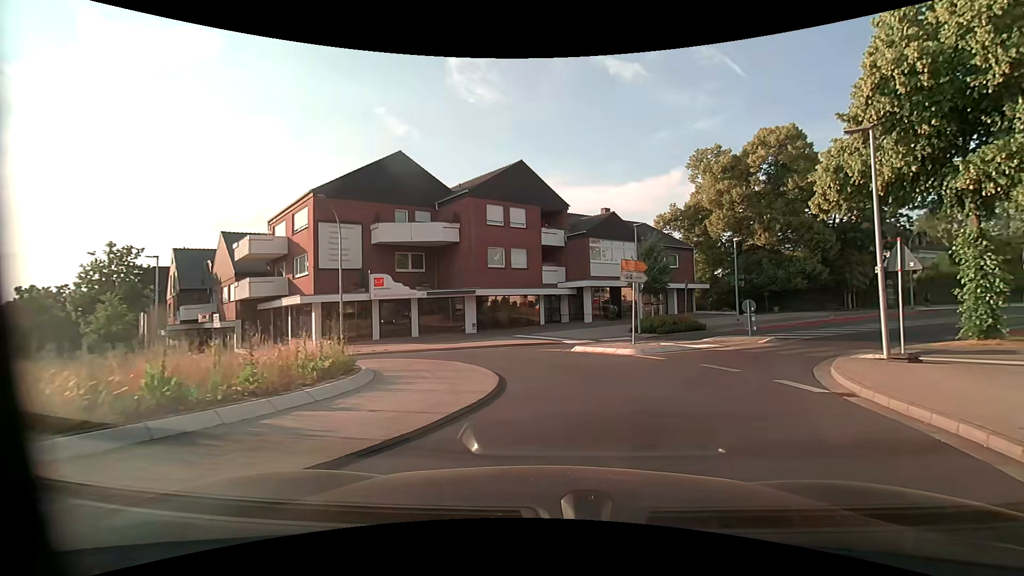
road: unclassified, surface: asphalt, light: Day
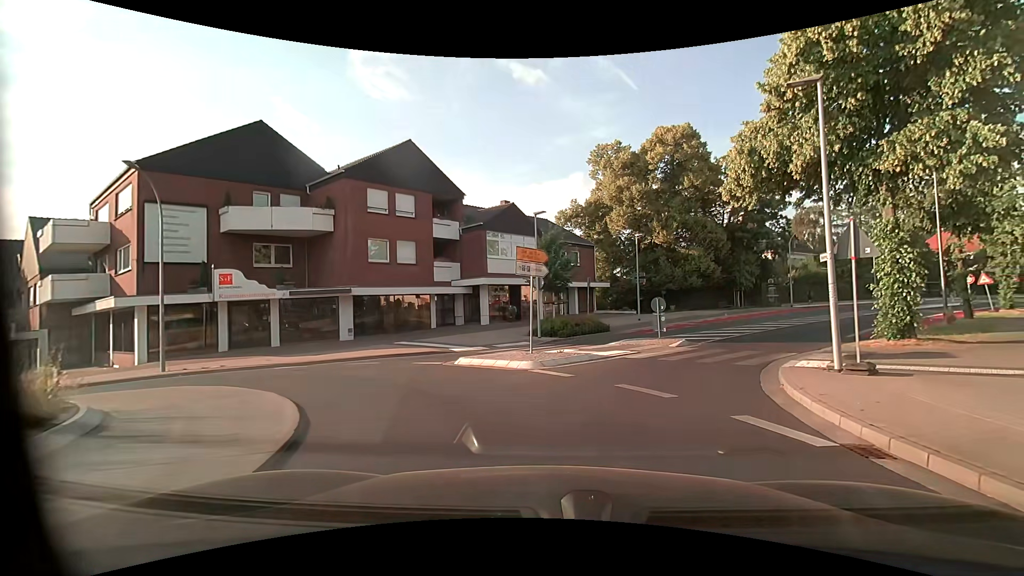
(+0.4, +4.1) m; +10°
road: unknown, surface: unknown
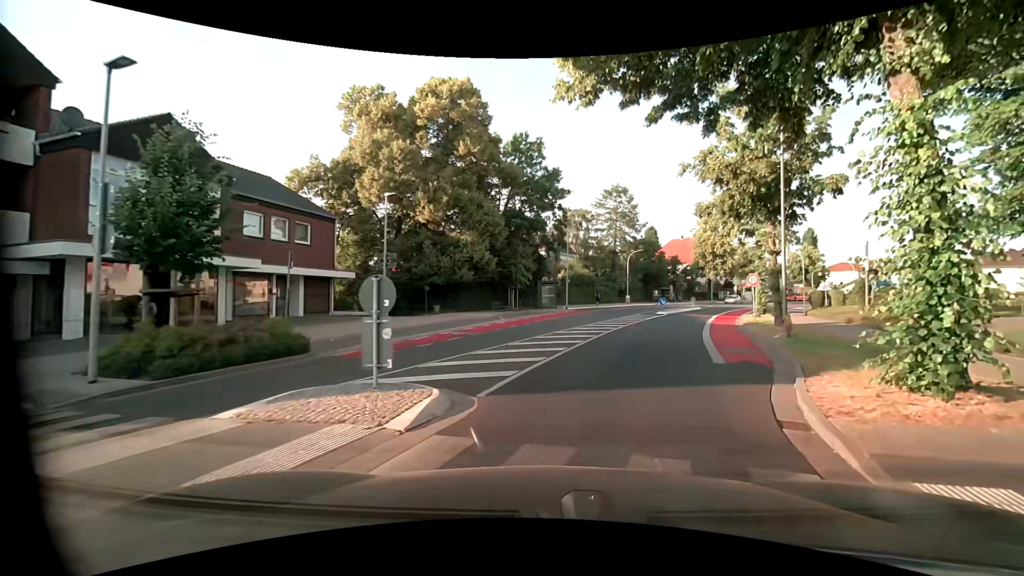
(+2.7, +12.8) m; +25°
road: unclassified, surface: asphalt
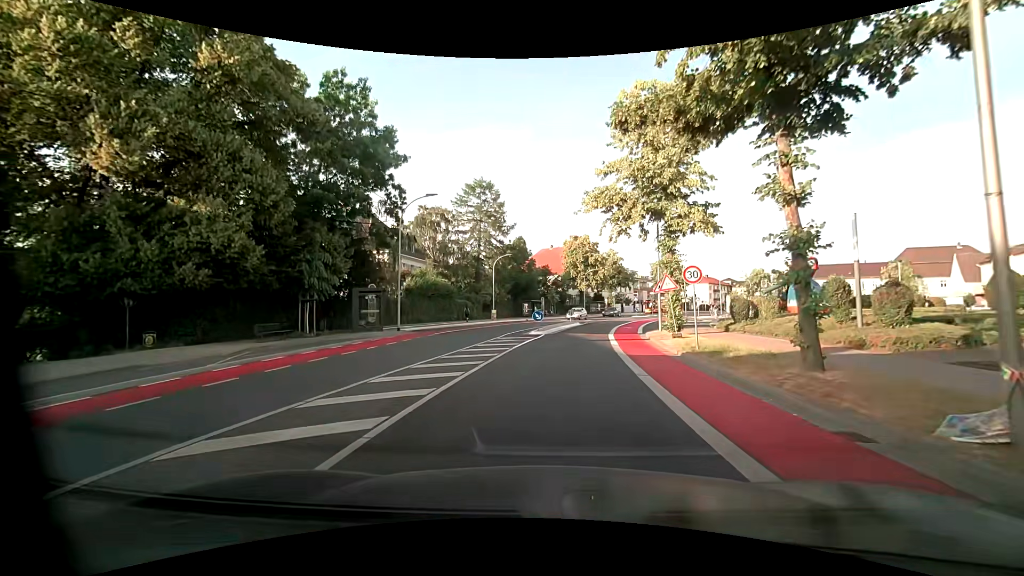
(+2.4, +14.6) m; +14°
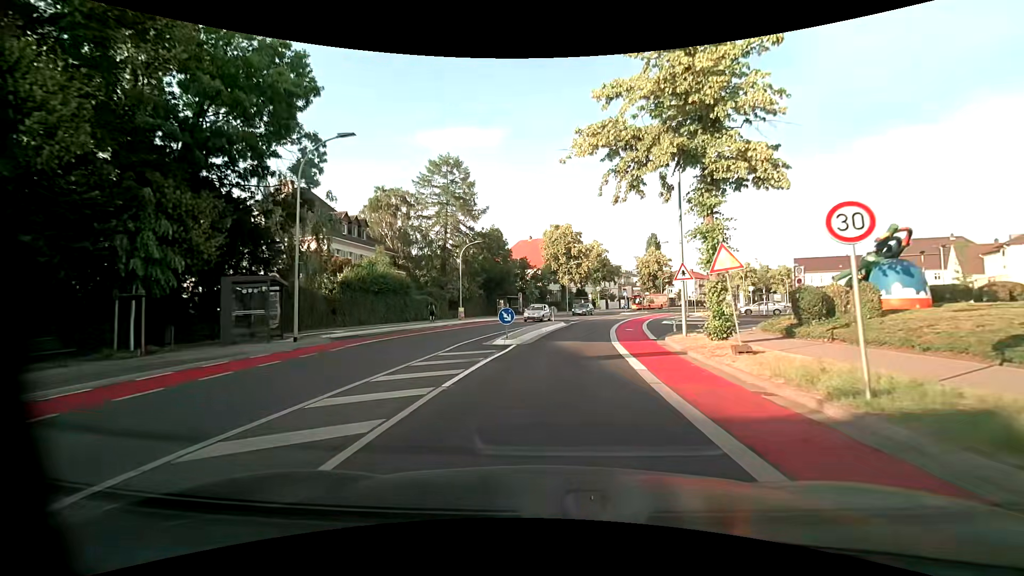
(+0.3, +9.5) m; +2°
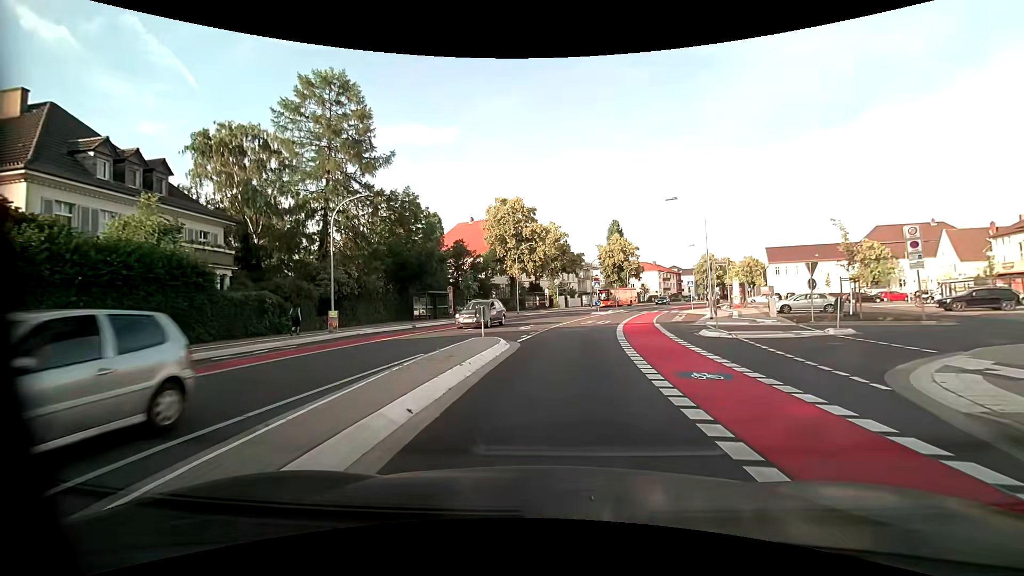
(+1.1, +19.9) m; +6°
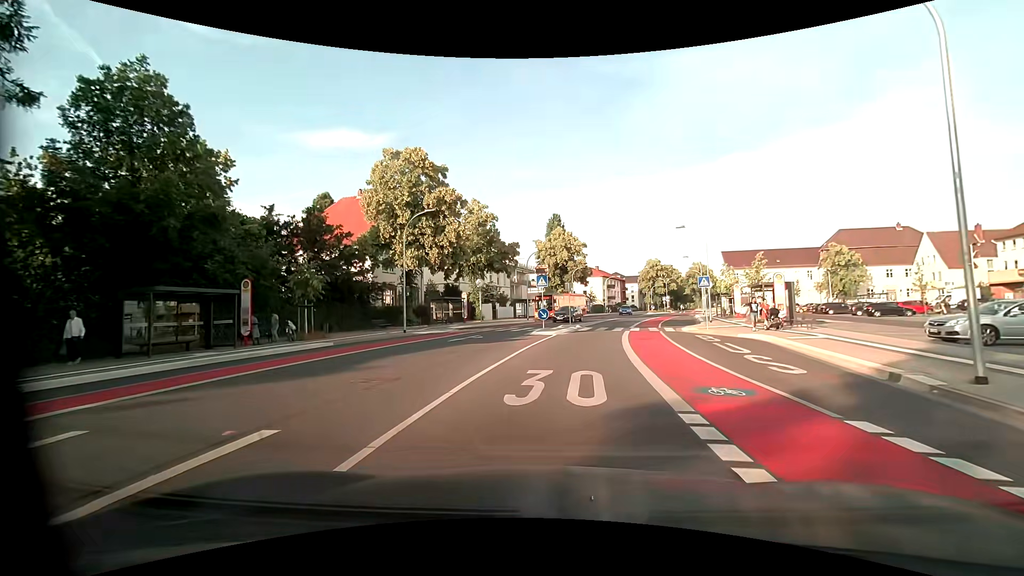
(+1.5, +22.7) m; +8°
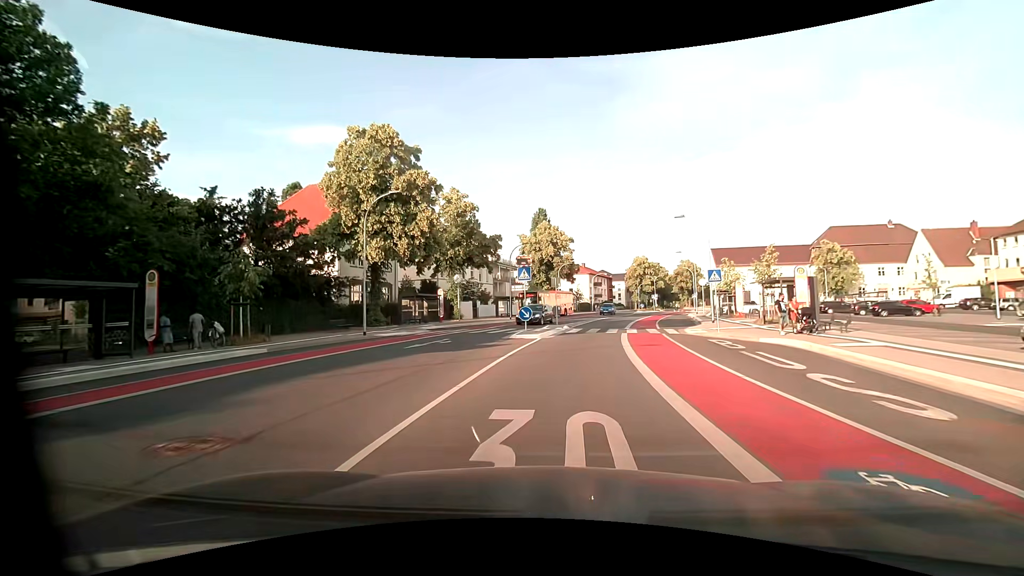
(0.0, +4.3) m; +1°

···

▶ [Work task]: Repeat the entries exactly. Any picture is to be left out.

▶ [Solution for this problem]:
road: unclassified, surface: asphalt, light: Day
(+0.4, +4.1) m; +10°
road: unknown, surface: unknown
(+2.7, +12.8) m; +25°
road: unclassified, surface: asphalt
(+2.4, +14.6) m; +14°
(+0.3, +9.5) m; +2°
(+1.1, +19.9) m; +6°
(+1.5, +22.7) m; +8°
(0.0, +4.3) m; +1°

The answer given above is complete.